→ **What to work on**: Where does the string "class" appear in the records? Copy each line that holds it.

Records from a dataset:
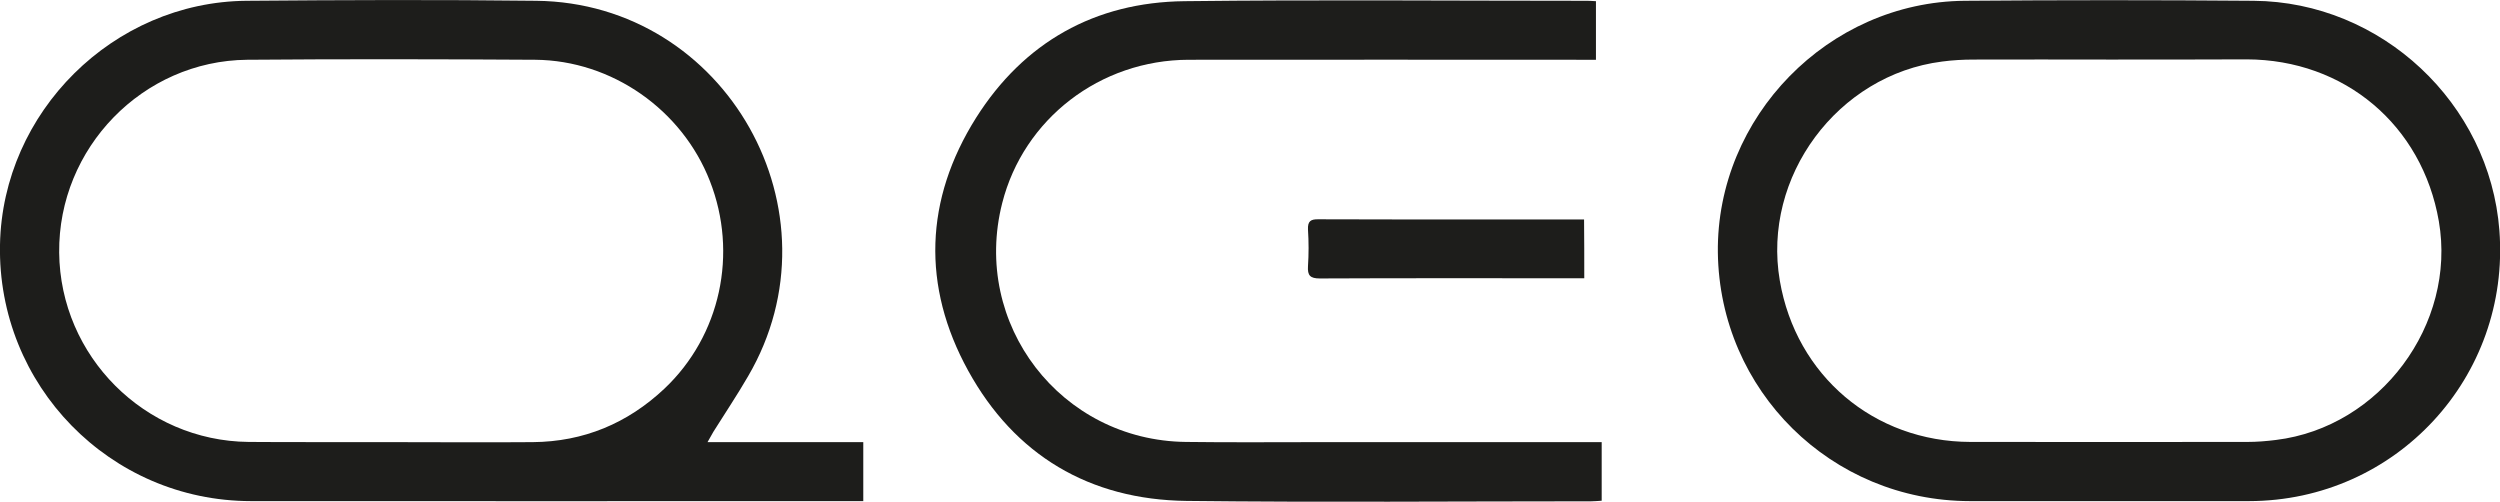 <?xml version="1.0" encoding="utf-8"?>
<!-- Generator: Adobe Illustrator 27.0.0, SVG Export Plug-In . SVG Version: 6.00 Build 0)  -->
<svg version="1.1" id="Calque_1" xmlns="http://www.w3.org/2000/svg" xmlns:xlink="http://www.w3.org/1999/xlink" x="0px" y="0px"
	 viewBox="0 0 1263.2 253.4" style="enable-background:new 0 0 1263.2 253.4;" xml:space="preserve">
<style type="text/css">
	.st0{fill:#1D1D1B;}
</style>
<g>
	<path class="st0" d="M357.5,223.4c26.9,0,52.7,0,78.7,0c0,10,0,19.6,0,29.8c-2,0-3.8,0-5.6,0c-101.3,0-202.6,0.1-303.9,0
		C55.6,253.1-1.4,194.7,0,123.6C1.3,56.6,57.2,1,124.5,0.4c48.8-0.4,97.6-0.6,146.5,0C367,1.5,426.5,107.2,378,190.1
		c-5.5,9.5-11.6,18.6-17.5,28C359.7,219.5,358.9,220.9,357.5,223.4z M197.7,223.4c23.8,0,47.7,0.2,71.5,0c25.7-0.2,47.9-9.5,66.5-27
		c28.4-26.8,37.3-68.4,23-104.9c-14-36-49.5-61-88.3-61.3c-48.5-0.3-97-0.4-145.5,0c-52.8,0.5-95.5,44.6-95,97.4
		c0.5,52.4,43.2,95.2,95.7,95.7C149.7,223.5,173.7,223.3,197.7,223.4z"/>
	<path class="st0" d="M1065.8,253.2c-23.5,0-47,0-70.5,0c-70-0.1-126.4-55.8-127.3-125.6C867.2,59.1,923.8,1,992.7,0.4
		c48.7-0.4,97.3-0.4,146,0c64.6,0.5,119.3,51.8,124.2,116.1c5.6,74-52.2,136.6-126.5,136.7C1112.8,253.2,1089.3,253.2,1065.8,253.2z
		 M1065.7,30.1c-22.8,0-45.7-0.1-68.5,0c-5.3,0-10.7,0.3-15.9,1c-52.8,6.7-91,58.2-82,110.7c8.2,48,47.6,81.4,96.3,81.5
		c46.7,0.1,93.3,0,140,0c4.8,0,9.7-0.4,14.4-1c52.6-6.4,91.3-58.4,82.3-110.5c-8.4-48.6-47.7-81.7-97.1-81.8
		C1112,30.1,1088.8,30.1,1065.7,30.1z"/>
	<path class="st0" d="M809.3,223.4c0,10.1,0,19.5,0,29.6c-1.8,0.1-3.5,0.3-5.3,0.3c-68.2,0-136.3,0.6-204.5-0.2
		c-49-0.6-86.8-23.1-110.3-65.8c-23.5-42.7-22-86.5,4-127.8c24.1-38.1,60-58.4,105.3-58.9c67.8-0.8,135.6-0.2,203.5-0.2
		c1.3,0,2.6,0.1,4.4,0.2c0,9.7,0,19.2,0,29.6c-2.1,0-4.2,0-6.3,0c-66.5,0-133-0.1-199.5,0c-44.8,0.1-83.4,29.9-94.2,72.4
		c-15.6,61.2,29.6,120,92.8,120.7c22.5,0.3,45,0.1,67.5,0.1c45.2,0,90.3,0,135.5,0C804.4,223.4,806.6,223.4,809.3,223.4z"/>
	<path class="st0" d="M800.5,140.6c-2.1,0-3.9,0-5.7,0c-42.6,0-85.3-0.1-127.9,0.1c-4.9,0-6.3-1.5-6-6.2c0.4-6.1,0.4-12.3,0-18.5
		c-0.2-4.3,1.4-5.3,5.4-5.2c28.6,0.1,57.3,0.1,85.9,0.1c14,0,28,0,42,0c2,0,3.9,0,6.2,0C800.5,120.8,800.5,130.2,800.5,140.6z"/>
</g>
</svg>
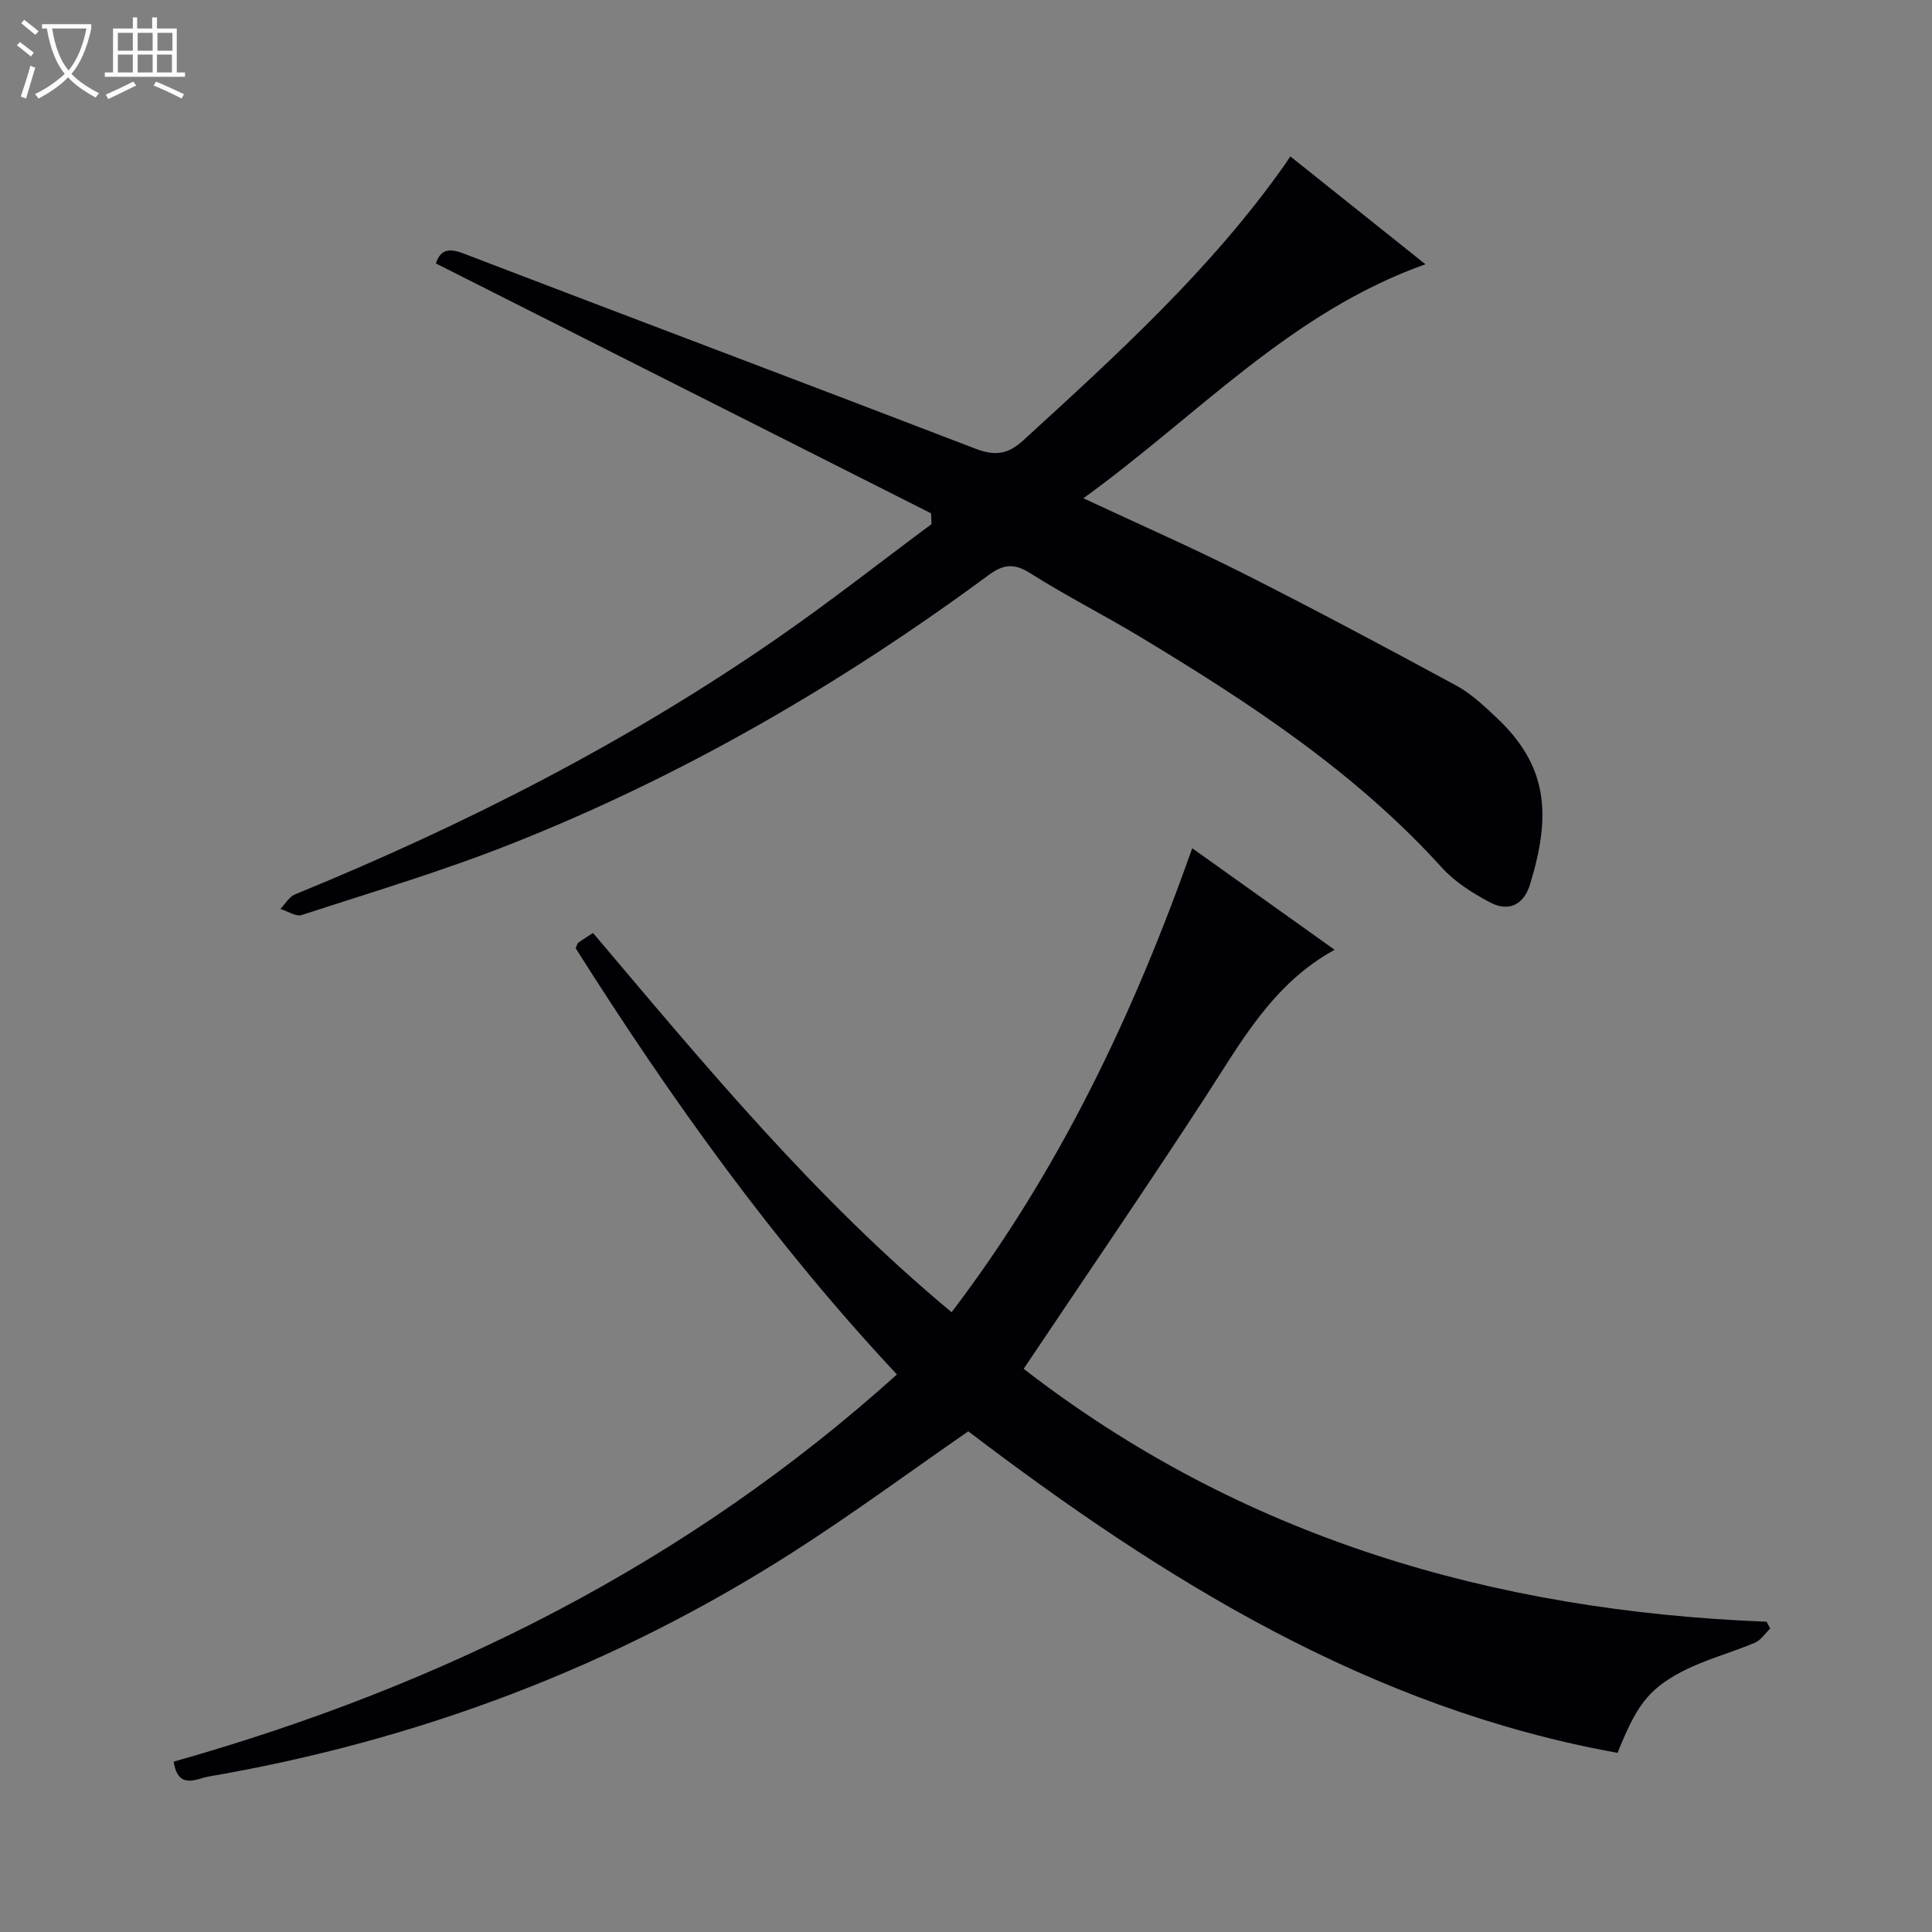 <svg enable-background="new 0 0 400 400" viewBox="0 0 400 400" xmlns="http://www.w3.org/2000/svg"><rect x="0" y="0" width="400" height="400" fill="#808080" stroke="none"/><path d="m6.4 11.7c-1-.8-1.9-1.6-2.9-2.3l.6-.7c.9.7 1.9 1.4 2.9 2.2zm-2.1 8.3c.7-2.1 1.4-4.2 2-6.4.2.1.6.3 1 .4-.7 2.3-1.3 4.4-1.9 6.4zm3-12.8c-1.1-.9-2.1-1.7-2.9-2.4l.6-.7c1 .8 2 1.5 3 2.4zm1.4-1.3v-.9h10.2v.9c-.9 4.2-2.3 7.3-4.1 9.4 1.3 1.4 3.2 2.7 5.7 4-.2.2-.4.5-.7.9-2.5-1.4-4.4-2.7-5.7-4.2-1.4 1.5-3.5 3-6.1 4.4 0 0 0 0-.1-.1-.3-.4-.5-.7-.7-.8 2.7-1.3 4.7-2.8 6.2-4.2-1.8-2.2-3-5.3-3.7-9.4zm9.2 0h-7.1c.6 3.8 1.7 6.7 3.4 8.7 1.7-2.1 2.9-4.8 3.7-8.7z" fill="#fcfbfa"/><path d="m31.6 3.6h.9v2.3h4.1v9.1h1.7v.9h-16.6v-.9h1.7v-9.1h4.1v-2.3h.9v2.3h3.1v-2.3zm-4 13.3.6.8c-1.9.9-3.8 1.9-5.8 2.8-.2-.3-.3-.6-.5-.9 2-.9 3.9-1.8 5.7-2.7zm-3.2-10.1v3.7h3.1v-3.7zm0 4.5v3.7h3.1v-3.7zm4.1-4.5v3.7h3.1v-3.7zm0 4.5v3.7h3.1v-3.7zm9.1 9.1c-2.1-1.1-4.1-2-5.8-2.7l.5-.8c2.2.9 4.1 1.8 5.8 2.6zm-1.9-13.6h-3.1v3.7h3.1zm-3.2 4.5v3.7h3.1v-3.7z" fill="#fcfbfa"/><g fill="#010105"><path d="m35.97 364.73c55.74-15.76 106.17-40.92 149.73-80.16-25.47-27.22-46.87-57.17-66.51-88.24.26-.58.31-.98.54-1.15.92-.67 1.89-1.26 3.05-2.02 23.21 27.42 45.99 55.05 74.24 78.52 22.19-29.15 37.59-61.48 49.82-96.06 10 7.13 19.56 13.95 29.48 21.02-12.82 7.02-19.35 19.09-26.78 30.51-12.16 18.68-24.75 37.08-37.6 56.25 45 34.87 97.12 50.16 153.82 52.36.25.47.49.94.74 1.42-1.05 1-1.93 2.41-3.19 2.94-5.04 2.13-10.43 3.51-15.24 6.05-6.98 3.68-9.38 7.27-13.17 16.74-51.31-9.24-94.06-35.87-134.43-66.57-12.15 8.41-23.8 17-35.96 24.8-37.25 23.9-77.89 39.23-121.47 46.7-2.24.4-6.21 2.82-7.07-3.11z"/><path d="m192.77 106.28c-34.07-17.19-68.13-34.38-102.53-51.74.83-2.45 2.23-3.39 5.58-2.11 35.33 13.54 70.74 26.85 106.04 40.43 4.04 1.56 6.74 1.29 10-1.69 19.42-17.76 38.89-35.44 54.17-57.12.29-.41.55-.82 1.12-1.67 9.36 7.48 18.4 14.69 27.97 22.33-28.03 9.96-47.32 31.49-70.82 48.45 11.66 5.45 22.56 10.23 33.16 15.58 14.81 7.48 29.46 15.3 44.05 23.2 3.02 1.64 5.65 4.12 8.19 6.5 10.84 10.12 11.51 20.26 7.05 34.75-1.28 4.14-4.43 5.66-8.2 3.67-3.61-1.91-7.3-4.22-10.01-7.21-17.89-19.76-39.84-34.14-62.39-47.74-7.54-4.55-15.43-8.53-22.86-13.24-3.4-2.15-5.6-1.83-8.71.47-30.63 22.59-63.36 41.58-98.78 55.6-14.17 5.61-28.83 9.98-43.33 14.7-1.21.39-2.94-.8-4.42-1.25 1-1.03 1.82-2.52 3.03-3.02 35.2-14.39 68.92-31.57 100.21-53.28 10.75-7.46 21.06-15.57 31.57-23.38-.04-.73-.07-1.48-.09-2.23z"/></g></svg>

→ **Task output**:
	<path class="st0" d="M357.5,223.4c26.9,0,52.7,0,78.7,0c0,10,0,19.6,0,29.8c-2,0-3.8,0-5.6,0c-101.3,0-202.6,0.1-303.9,0
	<path class="st0" d="M1065.8,253.2c-23.5,0-47,0-70.5,0c-70-0.1-126.4-55.8-127.3-125.6C867.2,59.1,923.8,1,992.7,0.4
	<path class="st0" d="M809.3,223.4c0,10.1,0,19.5,0,29.6c-1.8,0.1-3.5,0.3-5.3,0.3c-68.2,0-136.3,0.6-204.5-0.2
	<path class="st0" d="M800.5,140.6c-2.1,0-3.9,0-5.7,0c-42.6,0-85.3-0.1-127.9,0.1c-4.9,0-6.3-1.5-6-6.2c0.4-6.1,0.4-12.3,0-18.5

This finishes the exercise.